C'est à la lumière de cette préoccupation que, dans le livre beige, le Parti libéral du Québec suggère que ce pouvoir d'intervention fédéral ne puisse être invoqué que dans des situations de crise ou d'urgence. Essentiellement, ce qui est visé, c'est une crise ou une urgence provoquée par une interruption des approvisionnements et que, à ce moment, un pouvoir d'urgence de caractère temporaire puisse permettre de résoudre, par rationnement, allocation des ressources, etc., la situation de pénurie absolue dans laquelle cette urgence plonge le pays et les provinces consommatrices.

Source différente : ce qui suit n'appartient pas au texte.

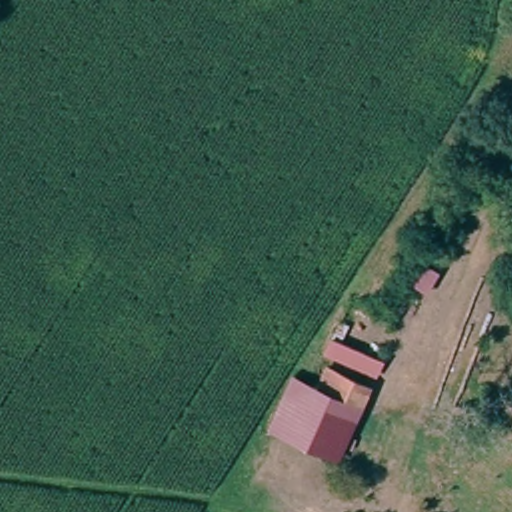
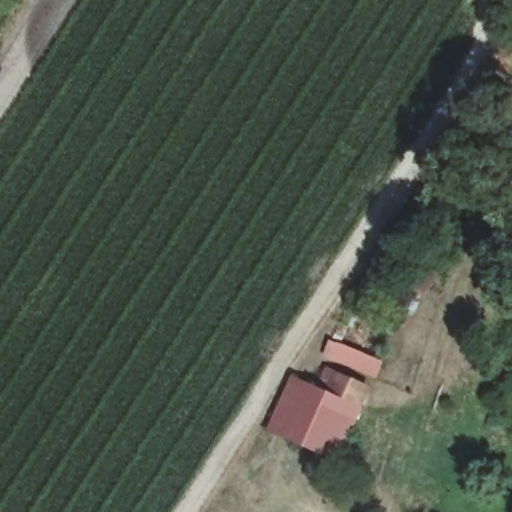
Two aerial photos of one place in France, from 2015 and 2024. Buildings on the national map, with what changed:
unchanged [(370,378),(329,358),(351,308),(390,326),(370,378)]
unchanged [(322,373),(365,391),(333,461),(292,444),(316,389),(322,373)]
unchanged [(289,378),(316,389),(292,444),(266,433),(289,378)]

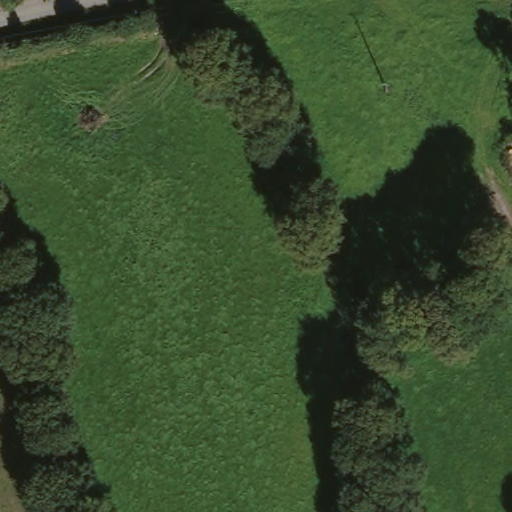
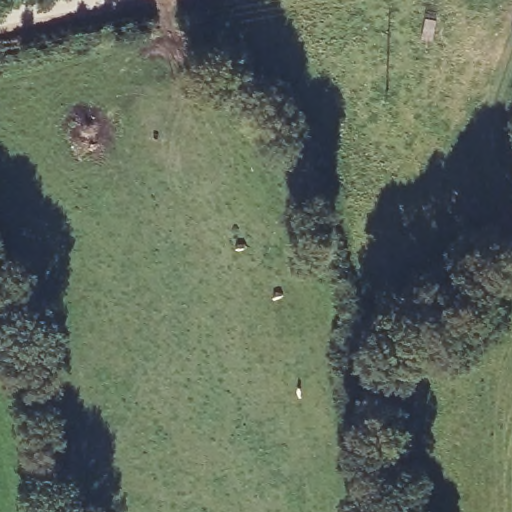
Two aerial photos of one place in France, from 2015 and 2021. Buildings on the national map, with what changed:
[]

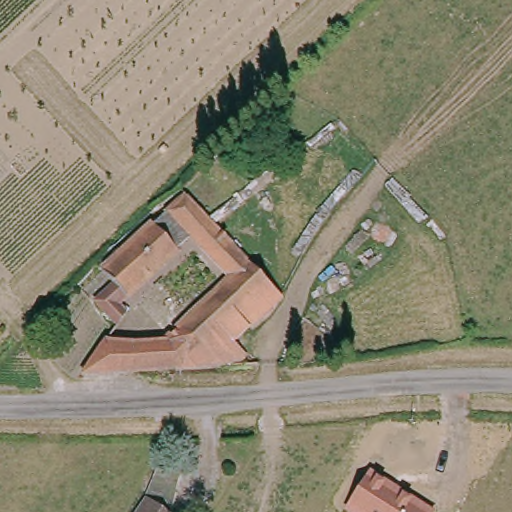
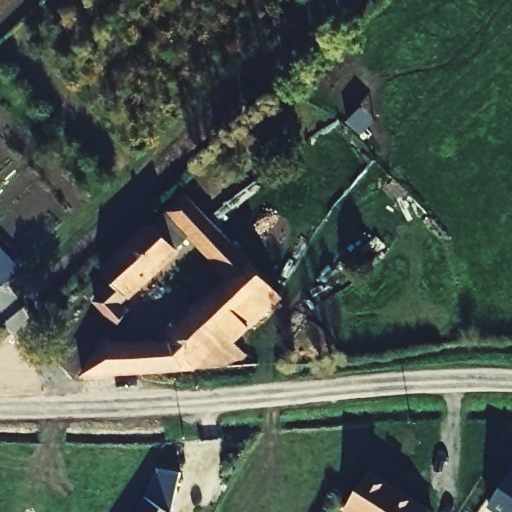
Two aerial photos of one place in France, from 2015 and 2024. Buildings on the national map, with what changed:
unchanged [(234,278),(173,212),(190,195),(284,295),(236,340),(245,349),(246,365),(121,372),(135,340),(170,342),(188,319),(234,278)]
unchanged [(190,239),(120,303),(129,313),(118,325),(96,301),(114,283),(103,271),(166,213),(190,239)]
new [(21,267),(2,286),(0,283),(0,245),(21,267)]
unchanged [(108,338),(135,340),(121,372),(86,375),(108,338)]
unchanged [(435,512),(345,512),(344,512),(370,470),(435,512)]
new [(512,472),(512,512),(506,512),(491,502),(512,472)]
unchanged [(157,480),(168,481),(164,512),(141,512),(147,503),(157,480)]

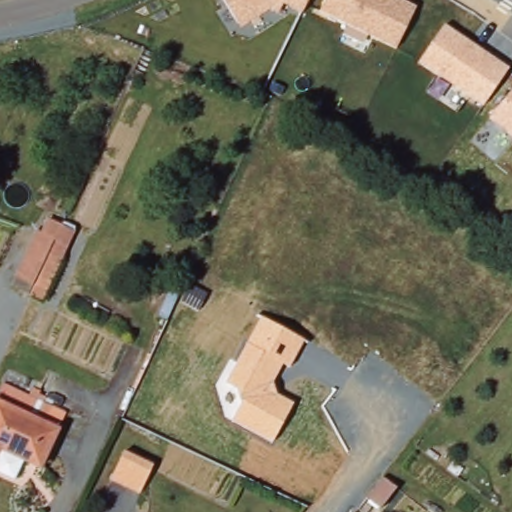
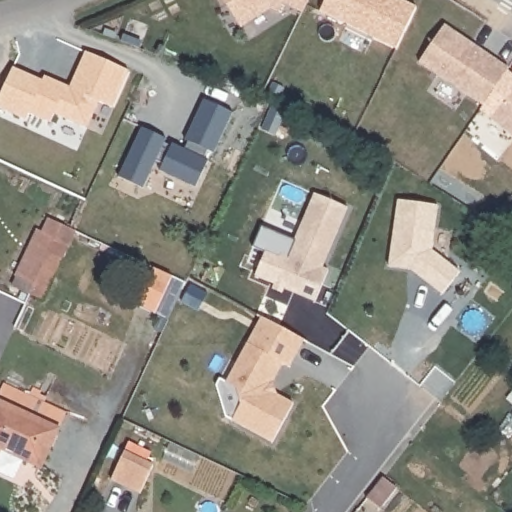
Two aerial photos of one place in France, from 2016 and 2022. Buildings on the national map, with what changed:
unchanged [(308,0),(302,13),(283,5),(280,12),(269,9),(241,29),(223,0),(308,0)]
unchanged [(402,0),(417,7),(399,49),(368,35),(363,44),(342,34),(343,32),(346,25),(319,12),(324,0),(402,0)]
unchanged [(442,25),(507,68),(482,105),(417,62),(442,25)]
new [(87,128),(53,112),(49,122),(28,112),(26,119),(0,106),(0,97),(14,67),(43,81),(44,76),(70,87),(85,52),(128,71),(113,106),(99,100),(87,128)]
unchanged [(512,90),(512,135),(490,117),(512,90)]
new [(119,177),(142,127),(185,149),(189,140),(186,138),(203,100),(234,112),(215,152),(208,149),(205,158),(208,160),(197,187),(159,171),(164,162),(157,159),(143,189),(119,177)]
new [(284,289),(283,294),(272,290),(275,285),(254,276),(265,251),(279,257),(282,250),(289,252),(314,193),(348,207),(324,267),(329,269),(314,301),(284,289)]
new [(398,200),(438,205),(432,250),(460,271),(442,295),(411,270),(388,267),(398,200)]
unchanged [(34,279),(38,270),(21,262),(43,216),(60,224),(74,231),(68,246),(48,286),(34,279)]
unchanged [(230,420),(239,405),(236,391),(225,385),(260,317),(303,338),(287,369),(282,367),(273,382),(276,395),(293,403),(272,443),(230,420)]
unchanged [(19,454),(9,475),(0,471),(0,401),(52,425),(35,461),(19,454)]
unchanged [(113,467),(120,450),(149,463),(136,492),(107,478),(113,467)]
unchanged [(382,477),(397,488),(380,510),(366,498),(382,477)]

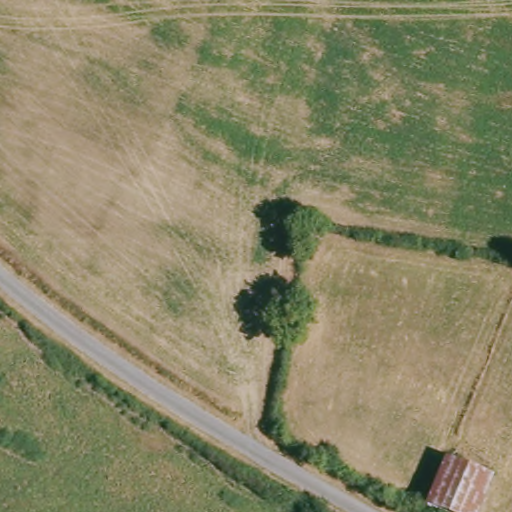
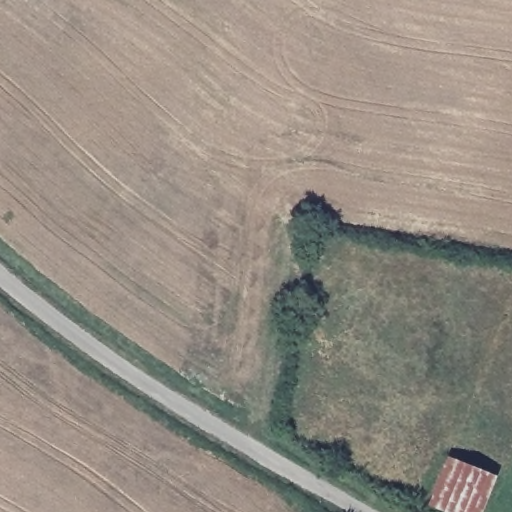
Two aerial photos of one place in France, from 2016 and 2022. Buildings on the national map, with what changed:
unchanged [(495,476),(480,512),(450,512),(430,503),(450,455),(495,476)]

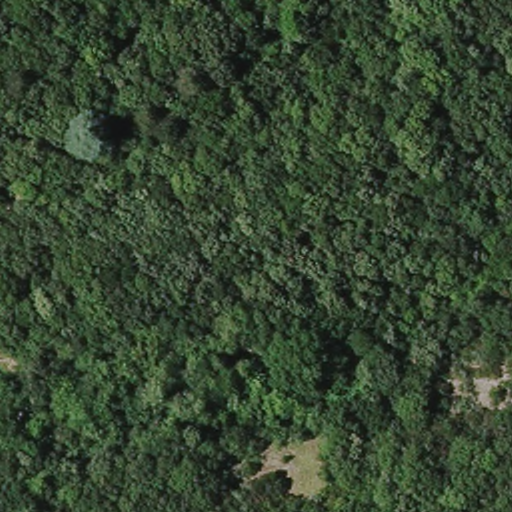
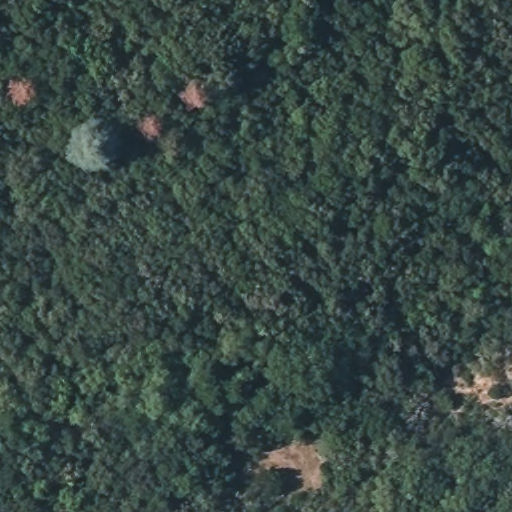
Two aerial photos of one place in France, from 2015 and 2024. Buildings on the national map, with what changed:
unchanged [(11,320),(0,320),(0,299),(12,297),(11,320)]

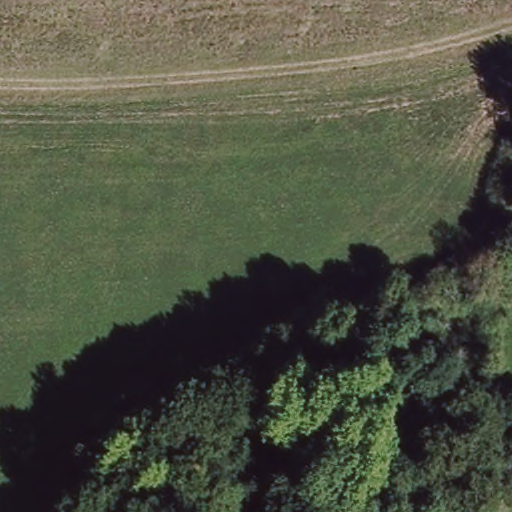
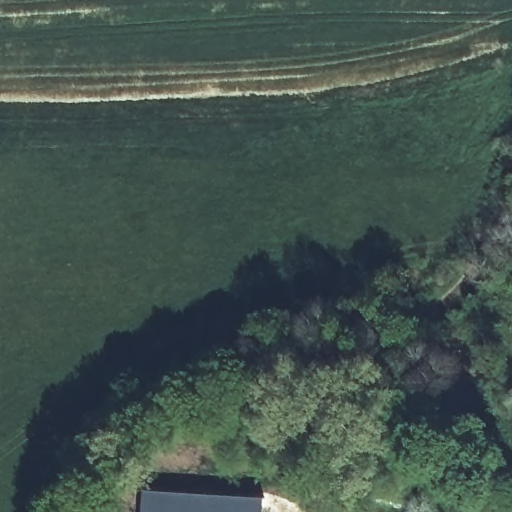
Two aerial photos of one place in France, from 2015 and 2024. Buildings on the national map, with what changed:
new [(265,496),(264,512),(141,512),(144,488),(265,496)]

Il est d'ailleurs intéressant de noter que ce genre de libellé, par référence à une situation d'urgence nationale et une urgence comprise par tous comme étant essentiellement une interruption des approvisionnements, constitue également un libellé acceptable à la province d'Alberta. Donc, l'Alberta, selon notre compréhension à nous, accepte une possibilité d'intervention fédérale dans des cas d'interruption d'approvisionnement, interruption limitée à l'envergure de la crise ainsi provoquée à la fois dans le temps et quant à ses répercussions.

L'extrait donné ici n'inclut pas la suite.